Start of Material for the task

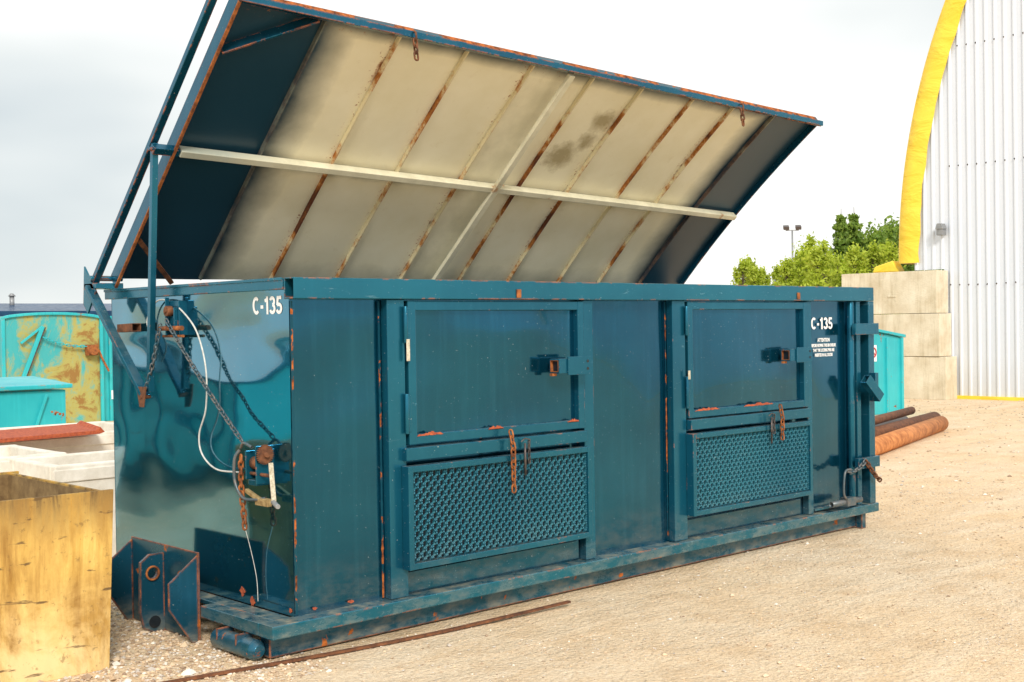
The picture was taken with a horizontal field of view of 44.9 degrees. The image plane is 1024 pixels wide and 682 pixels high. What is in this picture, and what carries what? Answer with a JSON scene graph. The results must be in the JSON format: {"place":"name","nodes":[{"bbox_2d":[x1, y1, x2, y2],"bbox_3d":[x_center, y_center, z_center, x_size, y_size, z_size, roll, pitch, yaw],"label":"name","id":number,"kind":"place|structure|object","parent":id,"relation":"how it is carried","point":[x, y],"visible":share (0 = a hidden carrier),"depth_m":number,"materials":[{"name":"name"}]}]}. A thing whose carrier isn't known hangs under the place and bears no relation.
{"place":"outdoors","nodes":[
{"label":"outdoors","id":0,"kind":"place"},
{"bbox_2d":[0,293,111,315],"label":"warehouse","id":1,"kind":"structure","parent":0,"point":[11,307],"depth_m":83.89,"materials":[{"name":"blue metal"}]},
{"bbox_2d":[0,0,944,303],"label":"sky","id":2,"kind":"structure","parent":0,"point":[85,85],"materials":[{"name":"white"}]},
{"bbox_2d":[38,399,1023,681],"bbox_3d":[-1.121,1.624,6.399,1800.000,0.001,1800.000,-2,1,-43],"label":"ground","id":3,"kind":"structure","parent":0,"point":[693,659],"depth_m":7.13,"materials":[{"name":"beige gravel"}]},
{"bbox_2d":[0,444,66,471],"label":"concrete trough","id":4,"kind":"object","parent":3,"relation":"on","point":[8,453],"visible":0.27,"depth_m":10.49,"materials":[{"name":"grey concrete"}]},
{"bbox_2d":[0,376,72,427],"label":"turquoise bin","id":5,"kind":"object","parent":3,"relation":"on","point":[29,400],"visible":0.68,"depth_m":14.59,"materials":[{"name":"metal"}]},
{"bbox_2d":[0,471,112,681],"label":"yellow bin","id":6,"kind":"object","parent":3,"relation":"on","point":[55,570],"visible":1,"depth_m":6.03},
{"bbox_2d":[0,312,113,422],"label":"turquoise container","id":7,"kind":"object","parent":3,"relation":"on","point":[75,349],"visible":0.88,"depth_m":22.71,"materials":[{"name":"metal"}]},
{"bbox_2d":[0,421,113,453],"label":"concrete trough","id":8,"kind":"object","parent":3,"relation":"on","point":[103,441],"visible":0.23,"depth_m":11.83,"materials":[{"name":"grey concrete"}]},
{"bbox_2d":[0,421,104,442],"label":"rusty sheet","id":9,"kind":"object","parent":8,"relation":"on","point":[80,428],"visible":1,"depth_m":11.50,"materials":[{"name":"red metal"}]},
{"bbox_2d":[9,450,115,556],"bbox_3d":[-3.040,1.247,9.627,1.410,0.730,0.865,-2,1,-43],"label":"concrete trough","id":10,"kind":"object","parent":3,"relation":"on","point":[94,469],"visible":0.17,"depth_m":9.12,"materials":[{"name":"grey concrete"}]},
{"bbox_2d":[162,600,570,681],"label":"steel bar","id":11,"kind":"object","parent":3,"relation":"on","point":[212,674],"visible":1,"depth_m":6.48,"materials":[{"name":"brown metal"}]},
{"bbox_2d":[83,0,883,659],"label":"roll off container","id":12,"kind":"object","parent":3,"relation":"on","point":[457,336],"visible":1,"depth_m":7.71,"materials":[{"name":"teal metal"}]},
{"bbox_2d":[403,301,590,444],"bbox_3d":[-0.050,0.163,7.266,1.434,0.797,0.160,-2,1,-43],"label":"door","id":13,"kind":"structure","parent":12,"relation":"in","point":[474,369],"depth_m":7.28,"materials":[{"name":"teal paint"}]},
{"bbox_2d":[684,301,811,418],"bbox_3d":[1.741,0.117,8.940,1.479,0.802,0.160,-2,1,-43],"label":"door","id":14,"kind":"structure","parent":12,"relation":"in","point":[741,357],"depth_m":8.96,"materials":[{"name":"teal paint"}]},
{"bbox_2d":[730,256,754,284],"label":"tree","id":15,"kind":"object","parent":3,"relation":"on","point":[743,270],"visible":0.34,"depth_m":61.24,"materials":[{"name":"green plant"}]},
{"bbox_2d":[736,254,757,284],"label":"tree","id":16,"kind":"object","parent":3,"relation":"on","point":[750,264],"visible":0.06,"depth_m":62.91,"materials":[{"name":"green plant"}]},
{"bbox_2d":[745,263,766,285],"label":"tree","id":17,"kind":"object","parent":3,"relation":"on","point":[754,275],"visible":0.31,"depth_m":60.65,"materials":[{"name":"green plant"}]},
{"bbox_2d":[758,265,770,285],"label":"tree","id":18,"kind":"object","parent":3,"relation":"on","point":[766,276],"visible":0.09,"depth_m":68.41,"materials":[{"name":"green plant"}]},
{"bbox_2d":[768,262,788,285],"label":"tree","id":19,"kind":"object","parent":3,"relation":"on","point":[776,270],"visible":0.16,"depth_m":63.64,"materials":[{"name":"green plant"}]},
{"bbox_2d":[772,255,799,285],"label":"tree","id":20,"kind":"object","parent":3,"relation":"on","point":[786,268],"visible":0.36,"depth_m":59.27,"materials":[{"name":"green plant"}]},
{"bbox_2d":[783,225,801,259],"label":"light pole","id":21,"kind":"object","parent":3,"relation":"on","point":[797,227],"visible":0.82,"depth_m":102.46,"materials":[{"name":"grey metal"}]},
{"bbox_2d":[789,231,816,285],"bbox_3d":[14.362,-2.309,60.459,3.532,6.134,3.877,-1,1,-30],"label":"tree","id":22,"kind":"object","parent":3,"relation":"on","point":[811,241],"visible":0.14,"depth_m":60.17,"materials":[{"name":"green plant"}]},
{"bbox_2d":[801,242,835,286],"bbox_3d":[12.783,-1.679,52.337,1.942,5.031,2.252,0,1,33],"label":"tree","id":23,"kind":"object","parent":3,"relation":"on","point":[814,258],"visible":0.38,"depth_m":52.16,"materials":[{"name":"green plant"}]},
{"bbox_2d":[799,239,838,286],"bbox_3d":[14.030,-1.976,56.196,3.211,5.576,3.525,-1,1,10],"label":"tree","id":24,"kind":"object","parent":3,"relation":"on","point":[825,246],"visible":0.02,"depth_m":56.01,"materials":[{"name":"green plant"}]},
{"bbox_2d":[829,214,847,256],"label":"tree","id":25,"kind":"object","parent":3,"relation":"on","point":[839,228],"visible":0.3,"depth_m":64.66,"materials":[{"name":"green plant"}]},
{"bbox_2d":[829,250,850,286],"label":"tree","id":26,"kind":"object","parent":3,"relation":"on","point":[841,266],"visible":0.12,"depth_m":53.41,"materials":[{"name":"green plant"}]},
{"bbox_2d":[836,241,870,286],"bbox_3d":[13.999,-1.636,51.071,1.907,4.939,2.212,0,1,42],"label":"tree","id":27,"kind":"object","parent":3,"relation":"on","point":[852,256],"visible":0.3,"depth_m":50.87,"materials":[{"name":"green plant"}]},
{"bbox_2d":[841,213,867,260],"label":"pine tree","id":28,"kind":"object","parent":3,"relation":"on","point":[854,228],"visible":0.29,"depth_m":61.07,"materials":[{"name":"green plant"}]},
{"bbox_2d":[839,247,871,286],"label":"tree","id":29,"kind":"object","parent":3,"relation":"on","point":[859,259],"visible":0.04,"depth_m":53.26,"materials":[{"name":"green plant"}]},
{"bbox_2d":[861,239,882,272],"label":"tree","id":30,"kind":"object","parent":3,"relation":"on","point":[874,256],"visible":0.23,"depth_m":51.46,"materials":[{"name":"green plant"}]},
{"bbox_2d":[860,218,906,265],"bbox_3d":[17.923,-2.480,61.437,4.963,7.194,4.685,-1,1,-23],"label":"tree","id":31,"kind":"object","parent":3,"relation":"on","point":[877,236],"visible":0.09,"depth_m":61.10,"materials":[{"name":"green plant"}]},
{"bbox_2d":[872,239,902,314],"bbox_3d":[15.537,-1.703,50.836,1.942,5.031,2.252,-1,1,-36],"label":"tree","id":32,"kind":"object","parent":3,"relation":"on","point":[889,253],"visible":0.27,"depth_m":50.81,"materials":[{"name":"green plant"}]},
{"bbox_2d":[874,329,905,414],"bbox_3d":[5.884,0.518,22.937,1.400,1.579,2.310,-2,1,-43],"label":"turquoise bin","id":33,"kind":"object","parent":3,"relation":"on","point":[889,357],"visible":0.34,"depth_m":22.28,"materials":[{"name":"metal"}]},
{"bbox_2d":[875,416,907,426],"bbox_3d":[4.686,1.309,17.168,0.180,0.180,5.360,0,1,33],"label":"steel pipe","id":34,"kind":"object","parent":3,"relation":"on","point":[898,419],"visible":0.07,"depth_m":18.70,"materials":[{"name":"metal"}]},
{"bbox_2d":[877,213,907,270],"bbox_3d":[19.110,-2.696,62.570,5.255,7.617,4.961,-1,1,-38],"label":"tree","id":35,"kind":"object","parent":3,"relation":"on","point":[892,226],"visible":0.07,"depth_m":62.24,"materials":[{"name":"green plant"}]},
{"bbox_2d":[875,412,940,436],"bbox_3d":[5.182,1.271,17.221,0.220,0.220,5.360,0,1,33],"label":"steel pipe","id":36,"kind":"object","parent":3,"relation":"on","point":[887,428],"visible":0.3,"depth_m":17.73,"materials":[{"name":"brown metal"}]},
{"bbox_2d":[875,407,915,424],"bbox_3d":[4.905,1.099,16.927,0.120,0.140,4.794,0,1,31],"label":"steel pipe","id":37,"kind":"object","parent":36,"relation":"on","point":[890,416],"visible":0.42,"depth_m":17.86,"materials":[{"name":"brown metal"}]},
{"bbox_2d":[875,416,948,454],"bbox_3d":[5.207,1.289,16.573,0.230,0.230,4.946,0,1,31],"label":"steel pipe","id":38,"kind":"object","parent":3,"relation":"on","point":[893,440],"visible":0.63,"depth_m":16.60,"materials":[{"name":"orange metal"}]},
{"bbox_2d":[887,223,943,270],"bbox_3d":[18.746,-2.573,58.074,4.869,7.476,5.157,-1,1,25],"label":"tree","id":39,"kind":"object","parent":3,"relation":"on","point":[909,267],"visible":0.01,"depth_m":58.16,"materials":[{"name":"green plant"}]},
{"bbox_2d":[904,356,956,399],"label":"concrete block","id":40,"kind":"structure","parent":3,"relation":"on","point":[931,377],"depth_m":25.99,"materials":[{"name":"beige concrete"}]},
{"bbox_2d":[874,313,951,355],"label":"concrete block","id":41,"kind":"structure","parent":40,"relation":"on","point":[928,334],"depth_m":26.07,"materials":[{"name":"beige concrete"}]},
{"bbox_2d":[842,270,947,313],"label":"concrete block","id":42,"kind":"structure","parent":41,"relation":"on","point":[910,292],"depth_m":26.32,"materials":[{"name":"beige concrete"}]},
{"bbox_2d":[873,0,1023,400],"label":"arched building","id":43,"kind":"structure","parent":3,"relation":"on","point":[961,222],"depth_m":25.75,"materials":[{"name":"off white corrugated metal sheet"},{"name":"yellow tarpaulin"}]}
]}

End of Material for the task

**What to do**
For the word "outdoors", please say how many lines in the entries hold it, with only the number as the reply.

**Written response**
2